Maricota: Então... casemo também.
Bastião: Será qui seu pai deixa?
Maricota: (alto) Pai! Eu e o Bastião também queremo casá!
Celestino: E essa agora! Ô muié! Põe juízo na cabeça di tua fia.
Padre: (com olhos de cobiça) Dois casamentos é muito melhor que apenas um.
D. Filó: Que isso Padre?
Padre: Ora! Pensemos. Seu Celestino não quer o casamento de Dalberto com Juvenocência, mas certamente ia querer o casamento de Maricota com o Bastião. Olha que a menina já está passando da idade. Então, tudo ficaria em família e todos poderiam comungar da felicidade.
Inocência: Maricota, minha fia, cê qué mesmo casá com o nosso bastião.
Maricota: Quero sim, d. Inocência.
Juvenal: Mais aí quem num qué sou eu. Bastião é muito novo.
Celestino: E meu fio também num é?
Juvenal: Mais eli imbuxou a minha fia. Qué que o Bastião faça o mesmo, qué?
Celestino: Si fizé eu mato.
Juvenal: Intão vô matá u Dalberto.
Inocência: Ai! Que Deus nos acuda!
D. Filó: Valha-me Deus.
Padre: Irmãos... Temos que manter a calma.

Cena IX
(Entra o Delegado)

Delegado: Qui furduncio é este aqui? Uns passam por aqui e falam de briga, outros falam qui o padre veio correndo por que tinha gente morta... Qué qui tá acontecendo?
Juvenal: Dalberto imbuxou minha fia e num qué casa.
Dalberto: (amedrontado) Meu pai é qui num qué.
Celestino: E num quero mesmo.
Maricota: Mais eu quero casá com o Bastião.
Bastião: Aí quem num qué é meu padrin.
Juvenal: Pois é muito novo i num imbuxou ninguém.
Bastião: (puxando Maricota) Num seja pur isso. Vem Maricota.
Delegado: Fica quieto aqui, seu fio dum cão sarnento.
Inocência: Que isso seu dotô?
Padre: Vamos casá-los todos.
Delegado: é o melhor mesmo.
Dalberto: Si meu pai num qué, eu num caso.
Delegado: Casa.
Dalberto: Num caso.
Delegado: Casa ou vai pro xilindró.
Dalberto: Eu caso, perfeitamente.
Celestino: (com ares de satisfação) E Maricota, também casa, não?
Juvenal: Craro qui não!
Delegado: Casa.
Juvenal: Num casa.
Delegado: Então quem vai pru xilindró é você.
Juvenal: Casa e com a minha bênção.
Inocência: Acho qui tudo vai si arresolvê, né D. Filó.
D. Filó: Graças a Deus, d. Inocência, graças a Deus.
Delegado: Então Padre, quando podemos realizar os casórios?
Padre: hoje mesmo. Eu os conheço a todos e sei que não há nem um impedimento. Façamos a celebração logo mais a noitinha. Afinal a questão é de urgência.
Delegado: Pois então, tá resolvido. Tem casório hoje.
Juvenocência: Ti amo, Dalberto.
Dalberto: Também ti amo, minha flô!
Maricota: Ti amo, Bastião.
Bastião: Também ti amo Maricota.
Padre: Tudo na santa paz.

Cena X
(Entra um guarda correndo)

Guarda: Seu delegado, seu delegado...
Delegado: Respira e fala homem de Deus. O que aconteceu pra você vira assim tão esbaforido.
Guarda: Dona Tristina... seu delegado... seu delegado... dona Tristina tá lhe chamando... é urgente... urgente, seu delegado.
Delegado: Calma, respira com calma. Pronto. Já está bom, não está.
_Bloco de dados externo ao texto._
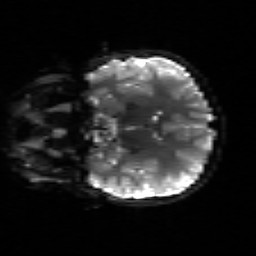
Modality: sbref
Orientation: coronal
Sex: male
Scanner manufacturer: siemens
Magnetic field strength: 3 T
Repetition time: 5 s
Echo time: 0.071 s
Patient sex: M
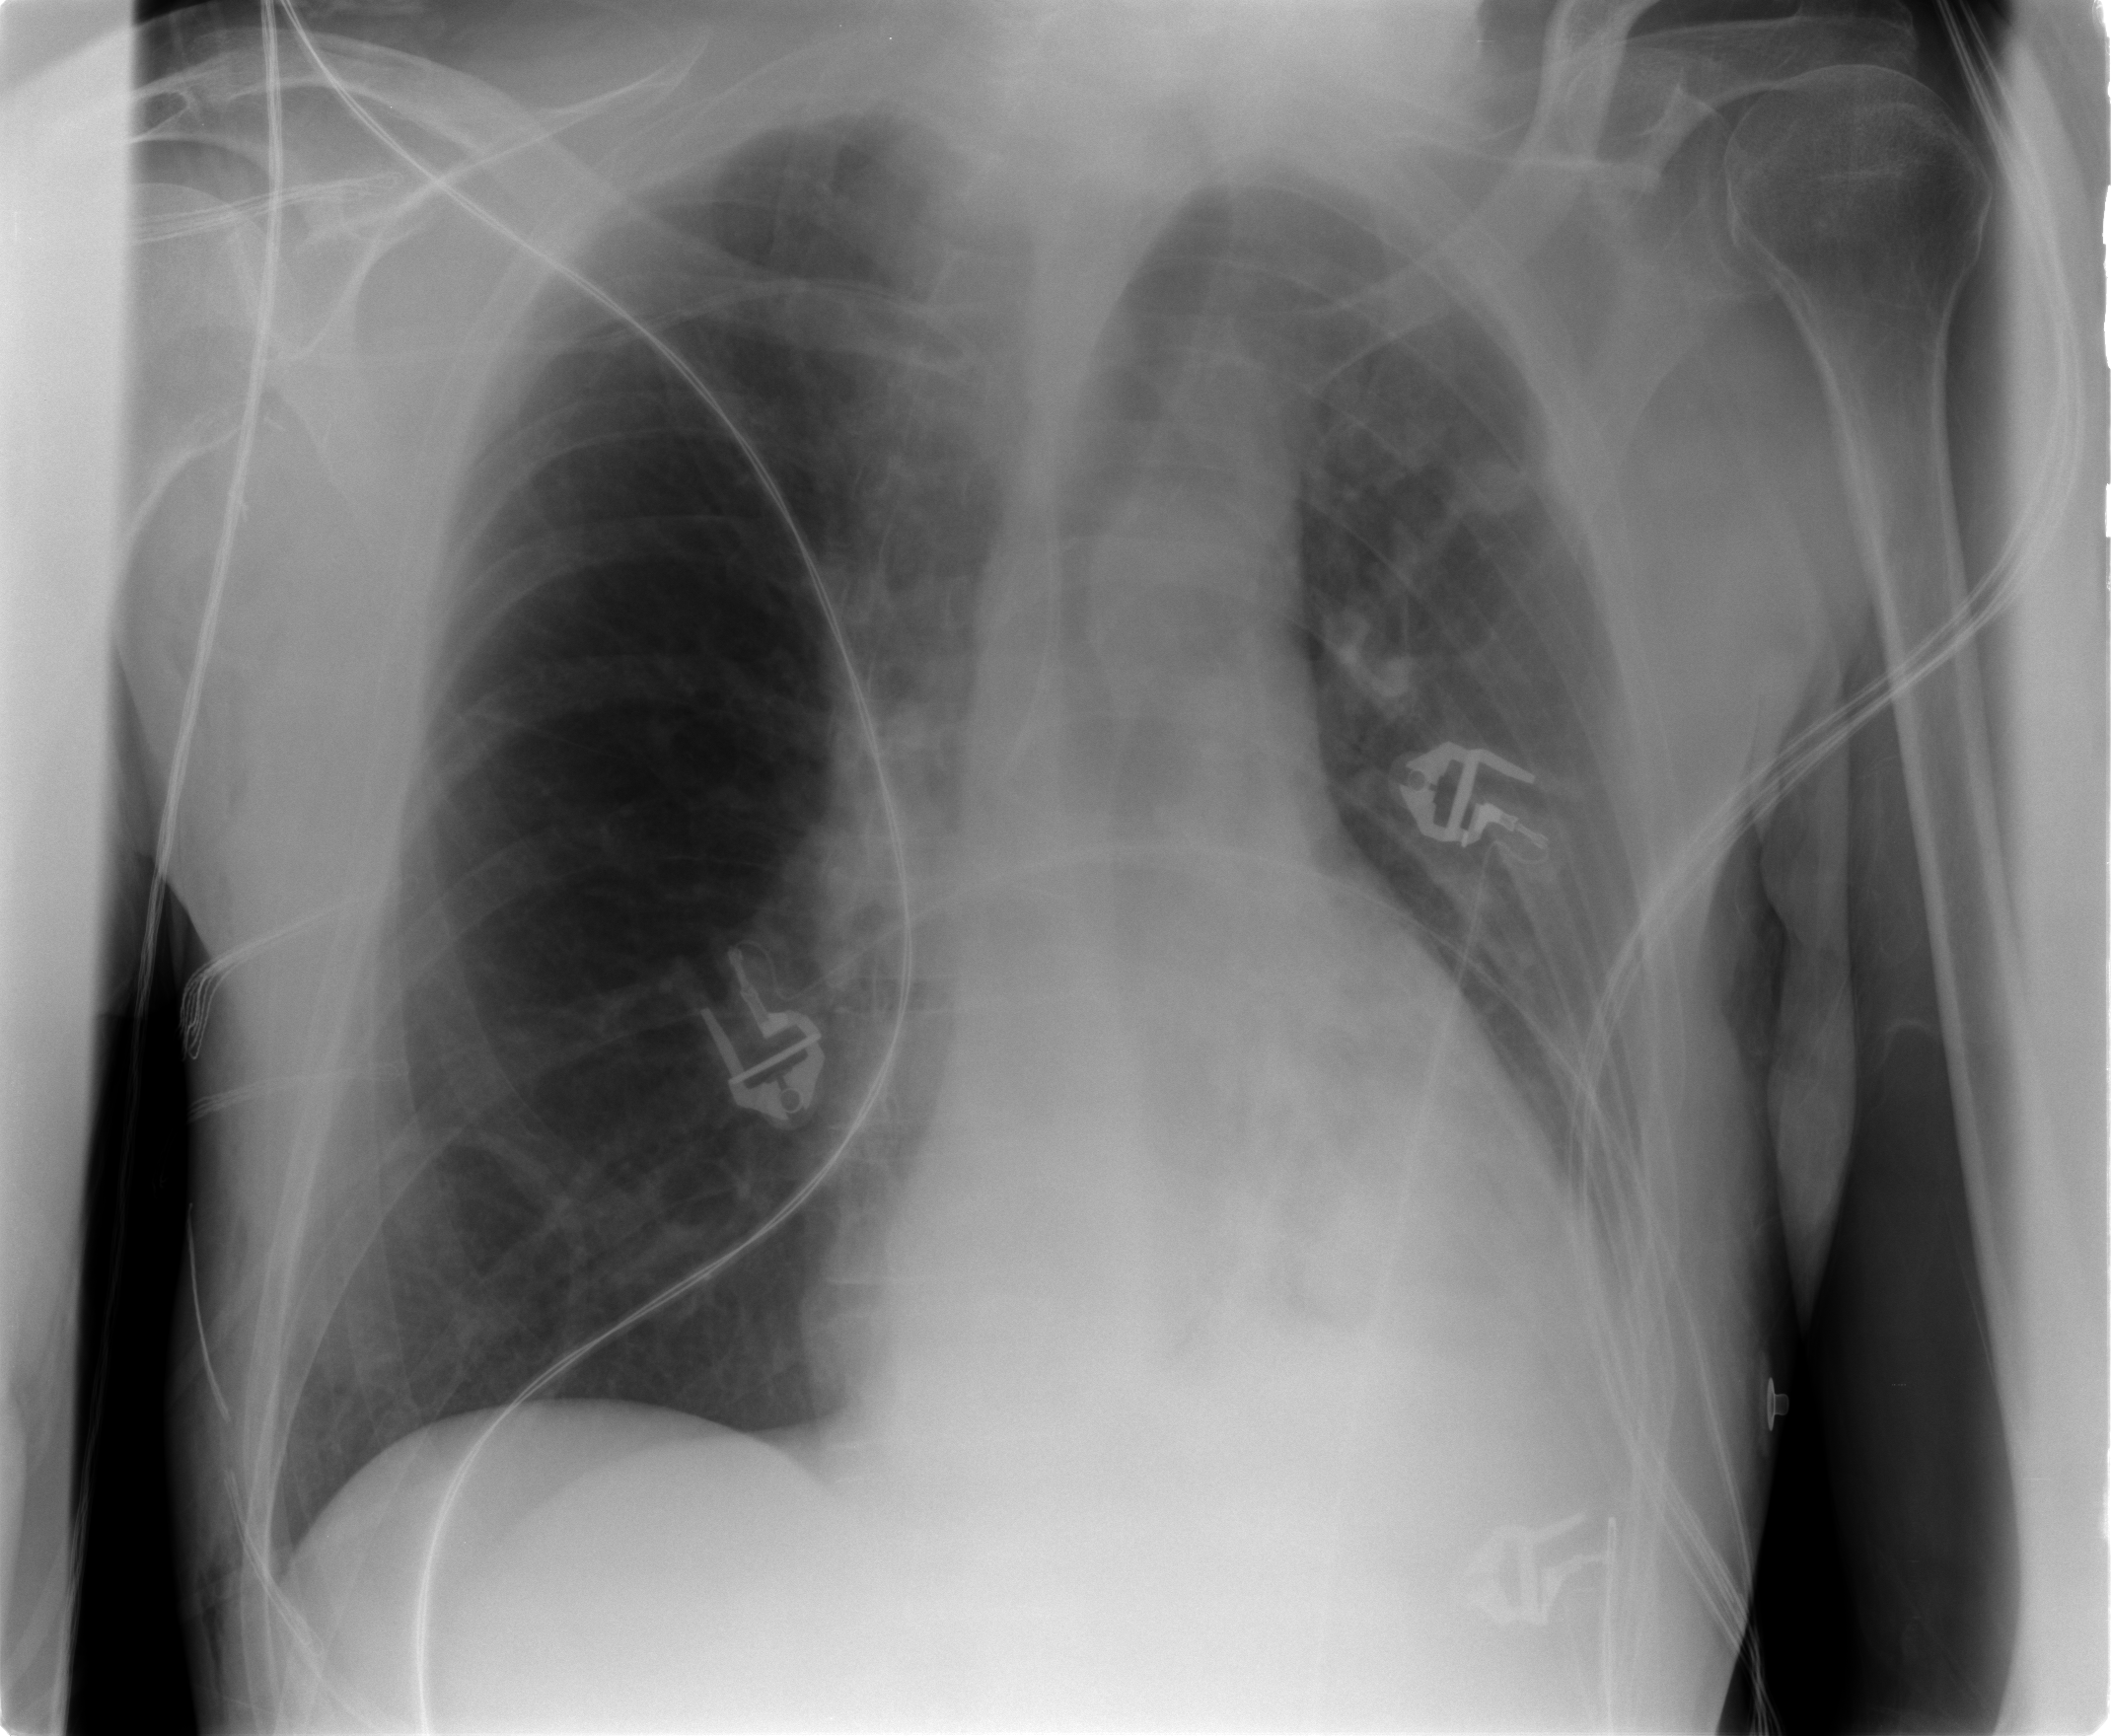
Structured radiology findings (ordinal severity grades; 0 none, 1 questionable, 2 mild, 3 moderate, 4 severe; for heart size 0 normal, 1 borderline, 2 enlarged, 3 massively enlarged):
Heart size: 0
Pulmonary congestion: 0
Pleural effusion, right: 0
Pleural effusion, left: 0
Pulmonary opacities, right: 0
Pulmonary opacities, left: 0
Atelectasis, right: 2
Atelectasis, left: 2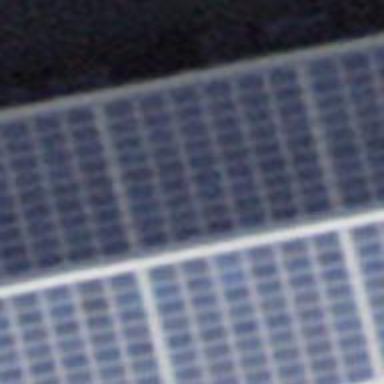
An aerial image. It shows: Solar power generator utilizing photovoltaic technology with solar photovoltaic panels.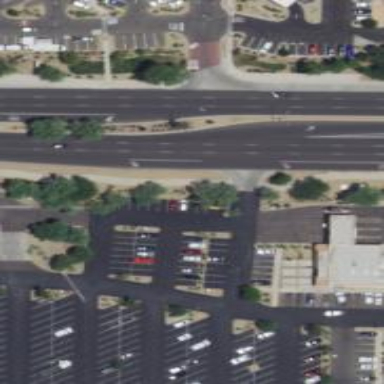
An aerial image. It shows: Secondary road with asphalt surface.

(O guarda faz um gesto de cabeça)

Delegado: Então agora fala com calma o qui aconteceu?
Guarda: É sua fia, seu delegado, sua fia tá imbuxada e ela num qué fala quem foi qui lhe feiz mar!
Juvenocência: Mar nada, é muito é du bom, sô!
Guarda: Ela num qué falá quem foi não. Ela num qué falá si foi o Dalberto ou si foi o Bastião.
Delegado: É hoje qui eu mato um.

(Levanta o revólver da tiros para cima, todos correm, cai o pano.)